Data provided:
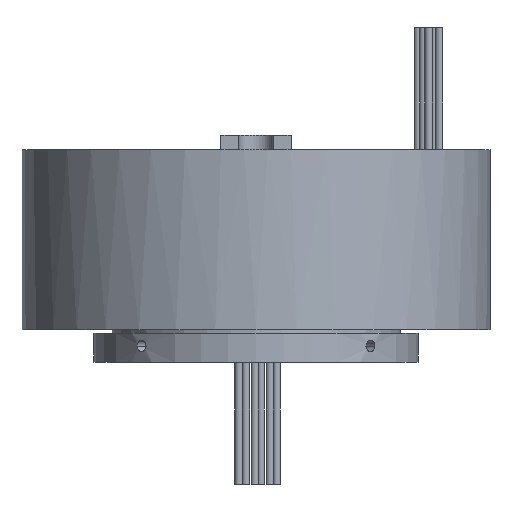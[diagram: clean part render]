
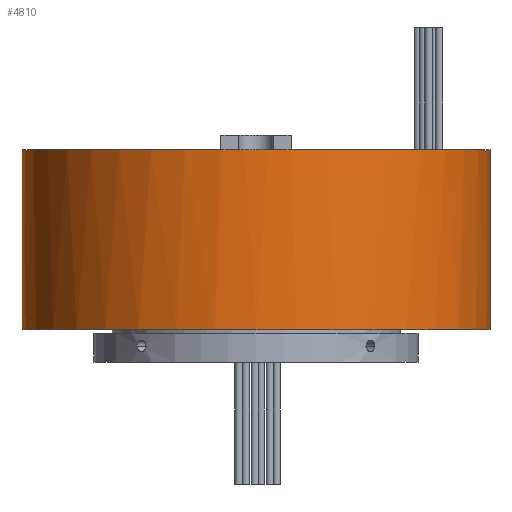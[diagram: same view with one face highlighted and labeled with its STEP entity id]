
A CAD part, front view. The second image highlights one B-rep face of the part: STEP entity #4810.
In plain terms, the highlighted cylindrical face has radius 65 mm (diameter 130 mm), a partial arc.
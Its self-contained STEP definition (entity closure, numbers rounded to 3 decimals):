
#234 = ORIENTED_EDGE ( 'NONE', *, *, #1815, .F. ) ;
#326 = CARTESIAN_POINT ( 'NONE',  ( 0., 0., 9. ) ) ;
#424 = DIRECTION ( 'NONE',  ( 0., 0., -1. ) ) ;
#747 = DIRECTION ( 'NONE',  ( 1., 0., 0. ) ) ;
#786 = DIRECTION ( 'NONE',  ( 0., 0., 1. ) ) ;
#821 = DIRECTION ( 'NONE',  ( 0., 0., -1. ) ) ;
#843 = AXIS2_PLACEMENT_3D ( 'NONE', #3236, #786, #3639 ) ;
#849 = EDGE_LOOP ( 'NONE', ( #1271, #1996, #234, #4662, #2433, #2543 ) ) ;
#912 = AXIS2_PLACEMENT_3D ( 'NONE', #326, #3197, #747 ) ;
#1146 = CARTESIAN_POINT ( 'NONE',  ( -65., 0., 9. ) ) ;
#1183 = EDGE_CURVE ( 'NONE', #4228, #4878, #2903, .T. ) ;
#1267 = CARTESIAN_POINT ( 'NONE',  ( 65., 0., 59. ) ) ;
#1271 = ORIENTED_EDGE ( 'NONE', *, *, #3565, .F. ) ;
#1374 = CARTESIAN_POINT ( 'NONE',  ( 0., 0., 59. ) ) ;
#1525 = CARTESIAN_POINT ( 'NONE',  ( 0., 0., 59. ) ) ;
#1771 = DIRECTION ( 'NONE',  ( 1., 0., 0. ) ) ;
#1815 = EDGE_CURVE ( 'NONE', #3118, #2608, #3239, .T. ) ;
#1821 = VECTOR ( 'NONE', #821, 1000. ) ;
#1824 = AXIS2_PLACEMENT_3D ( 'NONE', #1525, #5211, #2750 ) ;
#1851 = AXIS2_PLACEMENT_3D ( 'NONE', #4327, #1876, #4731 ) ;
#1871 = LINE ( 'NONE', #1267, #4625 ) ;
#1876 = DIRECTION ( 'NONE',  ( 0., 0., 1. ) ) ;
#1996 = ORIENTED_EDGE ( 'NONE', *, *, #2658, .F. ) ;
#2084 = VERTEX_POINT ( 'NONE', #3252 ) ;
#2183 = CARTESIAN_POINT ( 'NONE',  ( 65., 0., 59. ) ) ;
#2243 = CIRCLE ( 'NONE', #843, 65. ) ;
#2281 = VERTEX_POINT ( 'NONE', #2183 ) ;
#2433 = ORIENTED_EDGE ( 'NONE', *, *, #1183, .T. ) ;
#2445 = AXIS2_PLACEMENT_3D ( 'NONE', #1374, #4229, #1771 ) ;
#2543 = ORIENTED_EDGE ( 'NONE', *, *, #5078, .T. ) ;
#2608 = VERTEX_POINT ( 'NONE', #3781 ) ;
#2658 = EDGE_CURVE ( 'NONE', #2608, #2281, #2890, .T. ) ;
#2750 = DIRECTION ( 'NONE',  ( -1., 0., 0. ) ) ;
#2869 = FACE_OUTER_BOUND ( 'NONE', #849, .T. ) ;
#2870 = CARTESIAN_POINT ( 'NONE',  ( -9.75, -64.265, 59. ) ) ;
#2890 = CIRCLE ( 'NONE', #2445, 65. ) ;
#2903 = LINE ( 'NONE', #3686, #1821 ) ;
#3092 = CARTESIAN_POINT ( 'NONE',  ( -65., 0., 59. ) ) ;
#3118 = VERTEX_POINT ( 'NONE', #2870 ) ;
#3197 = DIRECTION ( 'NONE',  ( 0., 0., 1. ) ) ;
#3236 = CARTESIAN_POINT ( 'NONE',  ( 0., 0., 59. ) ) ;
#3239 = CIRCLE ( 'NONE', #1851, 65. ) ;
#3252 = CARTESIAN_POINT ( 'NONE',  ( 65., 0., 9. ) ) ;
#3565 = EDGE_CURVE ( 'NONE', #2281, #2084, #1871, .T. ) ;
#3639 = DIRECTION ( 'NONE',  ( 1., 0., 0. ) ) ;
#3686 = CARTESIAN_POINT ( 'NONE',  ( -65., 0., 59. ) ) ;
#3781 = CARTESIAN_POINT ( 'NONE',  ( 9.75, -64.265, 59. ) ) ;
#3903 = EDGE_CURVE ( 'NONE', #4228, #3118, #2243, .T. ) ;
#4228 = VERTEX_POINT ( 'NONE', #3092 ) ;
#4229 = DIRECTION ( 'NONE',  ( 0., 0., 1. ) ) ;
#4327 = CARTESIAN_POINT ( 'NONE',  ( 0., 0., 59. ) ) ;
#4625 = VECTOR ( 'NONE', #424, 1000. ) ;
#4662 = ORIENTED_EDGE ( 'NONE', *, *, #3903, .F. ) ;
#4731 = DIRECTION ( 'NONE',  ( 1., 0., 0. ) ) ;
#4793 = CYLINDRICAL_SURFACE ( 'NONE', #1824, 65. ) ;
#4810 = ADVANCED_FACE ( 'NONE', ( #2869 ), #4793, .T. ) ;
#4878 = VERTEX_POINT ( 'NONE', #1146 ) ;
#4984 = CIRCLE ( 'NONE', #912, 65. ) ;
#5078 = EDGE_CURVE ( 'NONE', #4878, #2084, #4984, .T. ) ;
#5211 = DIRECTION ( 'NONE',  ( 0., 0., -1. ) ) ;

Problem to work on:
Give back exactly the lines above, from the line containing "#2281 = VERTEX_POINT ( 'NONE', #2183 ) ;" through the line containing "#2903 = LINE ( 'NONE', #3686, #1821 ) ;", with both end lines and nothing more.

Output of the exercise:
#2281 = VERTEX_POINT ( 'NONE', #2183 ) ;
#2433 = ORIENTED_EDGE ( 'NONE', *, *, #1183, .T. ) ;
#2445 = AXIS2_PLACEMENT_3D ( 'NONE', #1374, #4229, #1771 ) ;
#2543 = ORIENTED_EDGE ( 'NONE', *, *, #5078, .T. ) ;
#2608 = VERTEX_POINT ( 'NONE', #3781 ) ;
#2658 = EDGE_CURVE ( 'NONE', #2608, #2281, #2890, .T. ) ;
#2750 = DIRECTION ( 'NONE',  ( -1., 0., 0. ) ) ;
#2869 = FACE_OUTER_BOUND ( 'NONE', #849, .T. ) ;
#2870 = CARTESIAN_POINT ( 'NONE',  ( -9.75, -64.265, 59. ) ) ;
#2890 = CIRCLE ( 'NONE', #2445, 65. ) ;
#2903 = LINE ( 'NONE', #3686, #1821 ) ;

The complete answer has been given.